Source records

# # # #

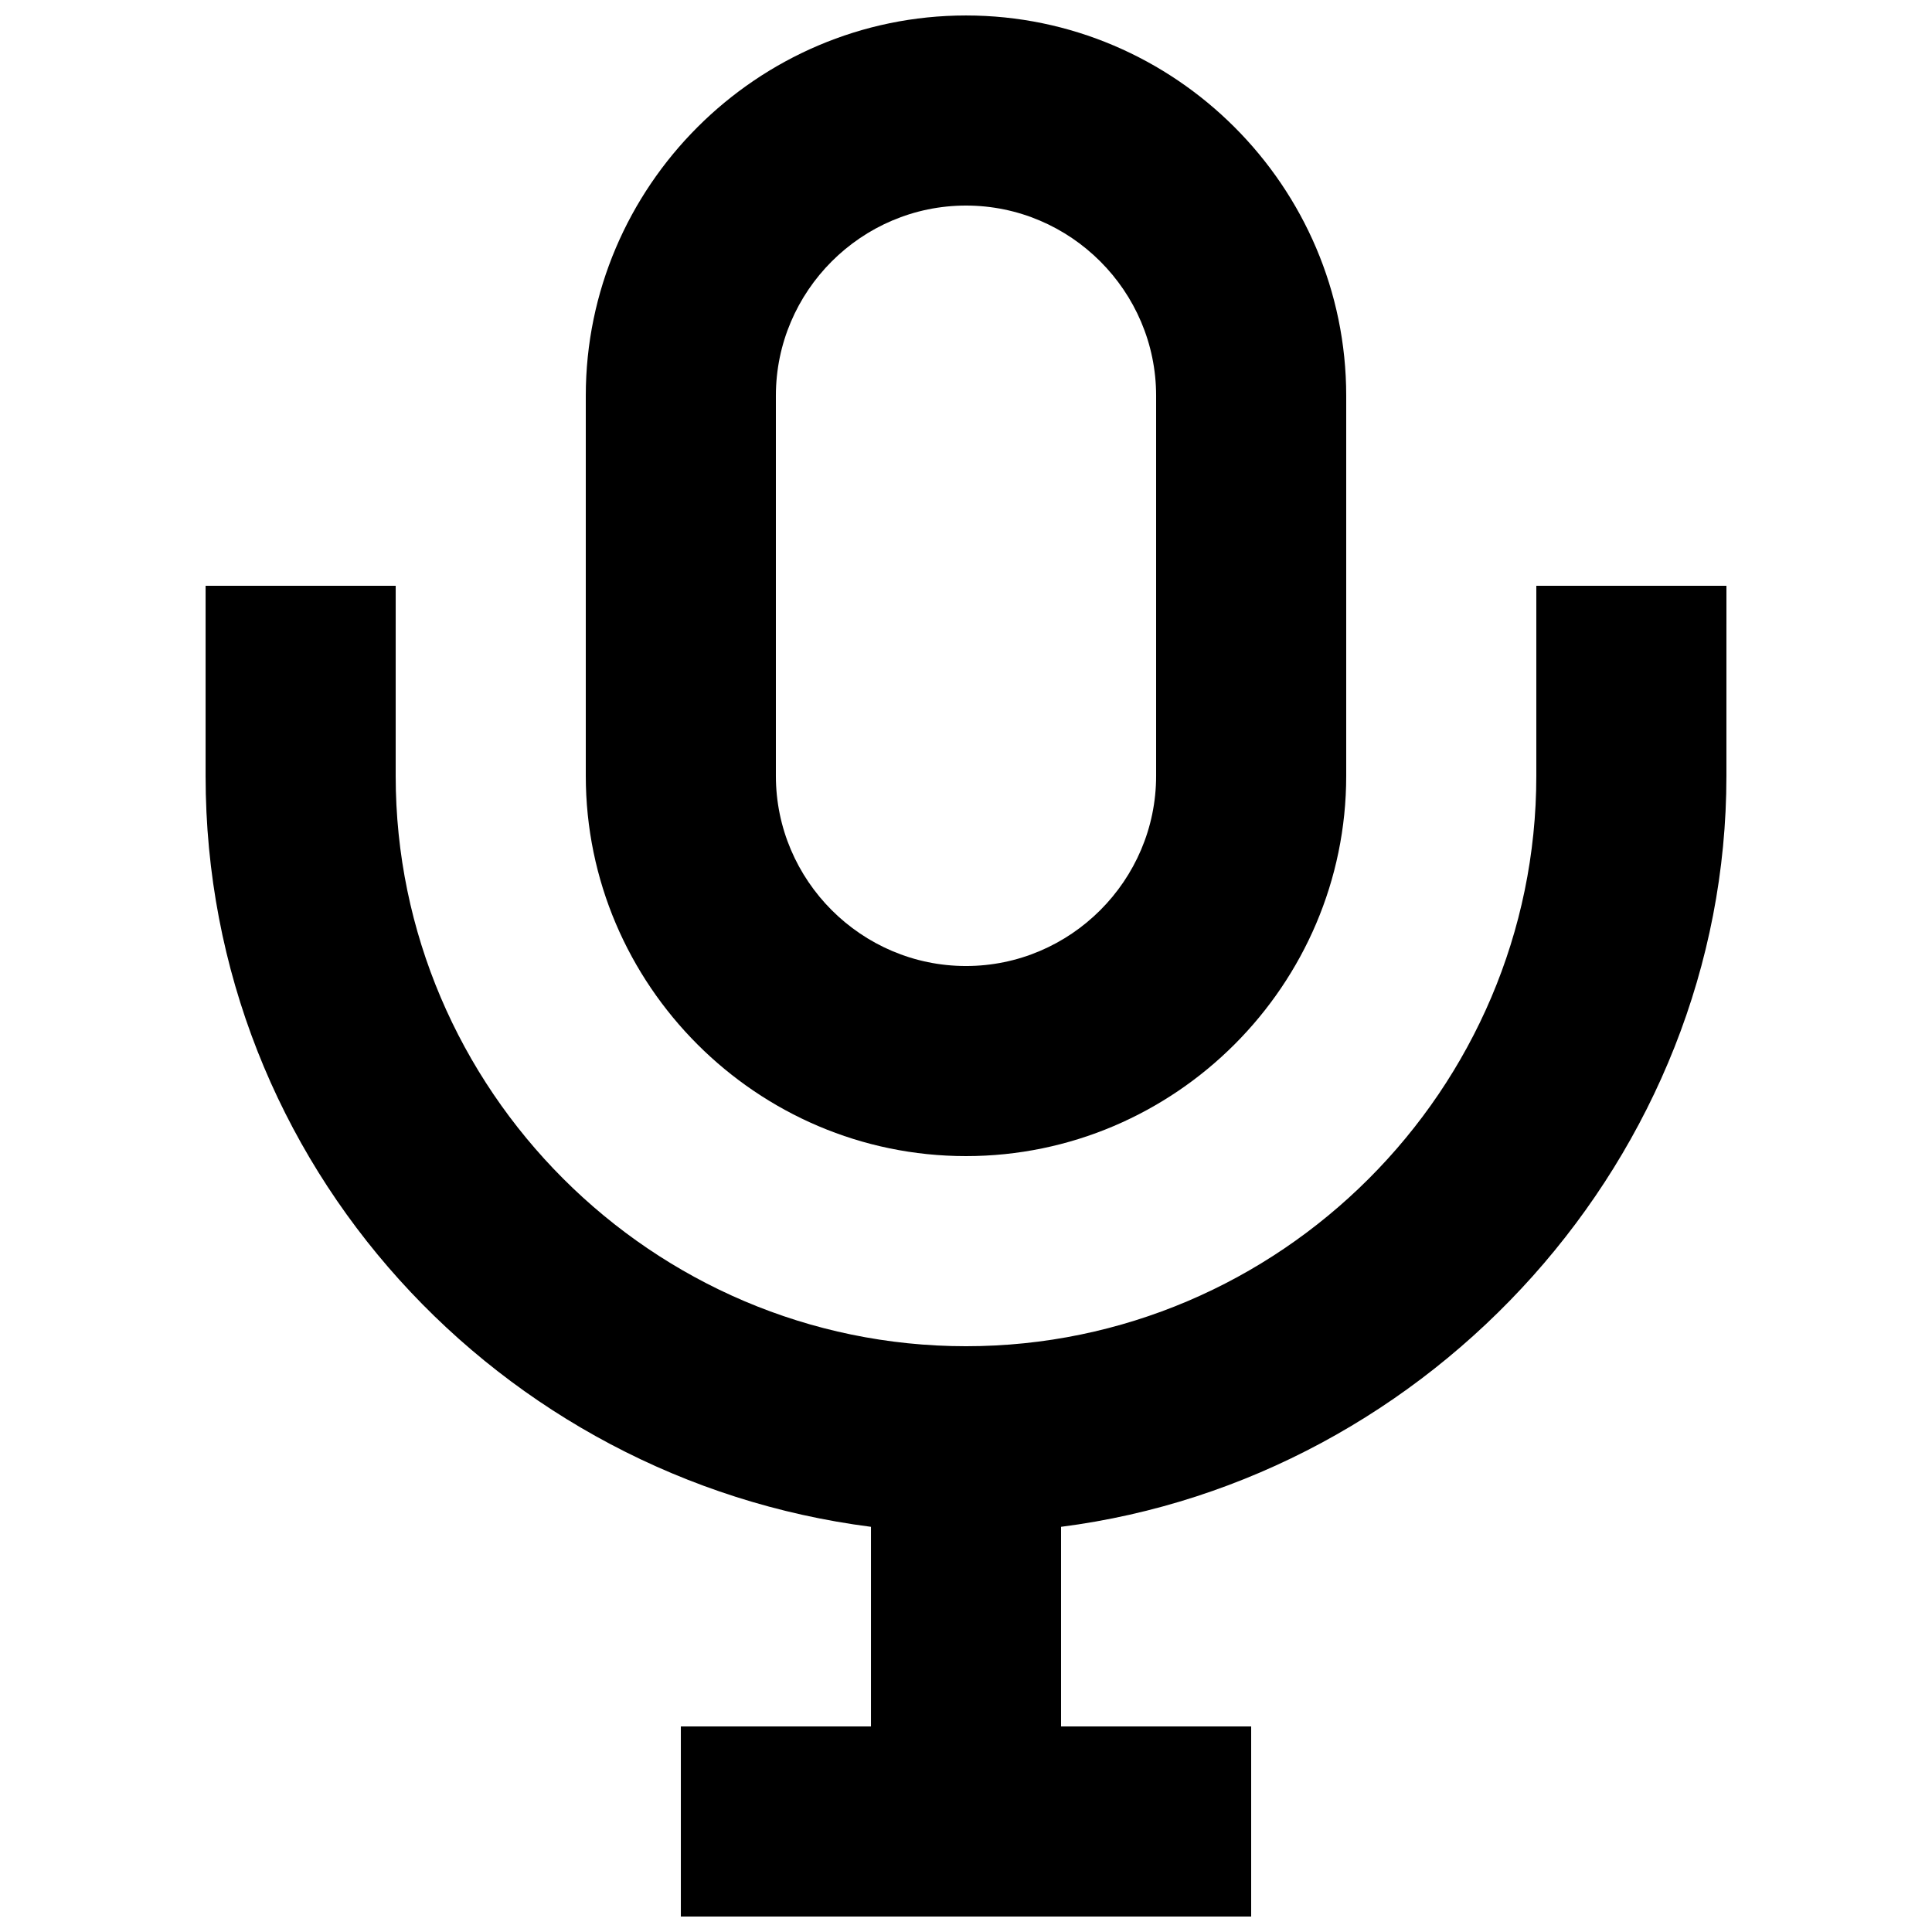 <?xml version="1.0" encoding="UTF-8"?>
<!-- Uploaded to: SVG Repo, www.svgrepo.com, Generator: SVG Repo Mixer Tools -->
<svg width="800px" height="800px" version="1.1" viewBox="144 144 512 512" xmlns="http://www.w3.org/2000/svg">
 <defs>
  <clipPath id="b">
   <path d="m198 299h404v352.9h-404z"/>
  </clipPath>
  <clipPath id="a">
   <path d="m299 148.09h202v302.91h-202z"/>
  </clipPath>
 </defs>
 <g>
  <g clip-path="url(#b)">
   <path d="m551.14 299.24v50.383c0 83.129-68.016 151.14-151.14 151.14s-151.14-68.016-151.14-151.14l0.004-50.383h-50.379v50.383c0 103.28 78.09 186.41 176.33 199v52.898h-50.383v50.383h151.14v-50.383h-50.383v-52.898c98.242-12.594 176.33-98.242 176.33-199l0.004-50.383z"/>
  </g>
  <g clip-path="url(#a)">
   <path d="m400 450.38c55.418 0 100.76-45.344 100.76-100.76v-100.76c0-55.418-45.344-100.76-100.76-100.76-55.422 0-100.76 45.344-100.76 100.76v100.76c0 55.418 45.34 100.76 100.76 100.76zm-50.383-201.52c0-27.711 22.672-50.383 50.383-50.383s50.383 22.672 50.383 50.383v100.76c0 27.711-22.672 50.383-50.383 50.383s-50.383-22.672-50.383-50.383z"/>
  </g>
 </g>
</svg>

# # # #

### What is needed
Can you quote exactly the lines from the one containing "450.38c55.418 0 100.76-45.344" through the last line of the records above, and nothing else?

### Your response
   <path d="m400 450.38c55.418 0 100.76-45.344 100.76-100.76v-100.76c0-55.418-45.344-100.76-100.76-100.76-55.422 0-100.76 45.344-100.76 100.76v100.76c0 55.418 45.34 100.76 100.76 100.76zm-50.383-201.52c0-27.711 22.672-50.383 50.383-50.383s50.383 22.672 50.383 50.383v100.76c0 27.711-22.672 50.383-50.383 50.383s-50.383-22.672-50.383-50.383z"/>
  </g>
 </g>
</svg>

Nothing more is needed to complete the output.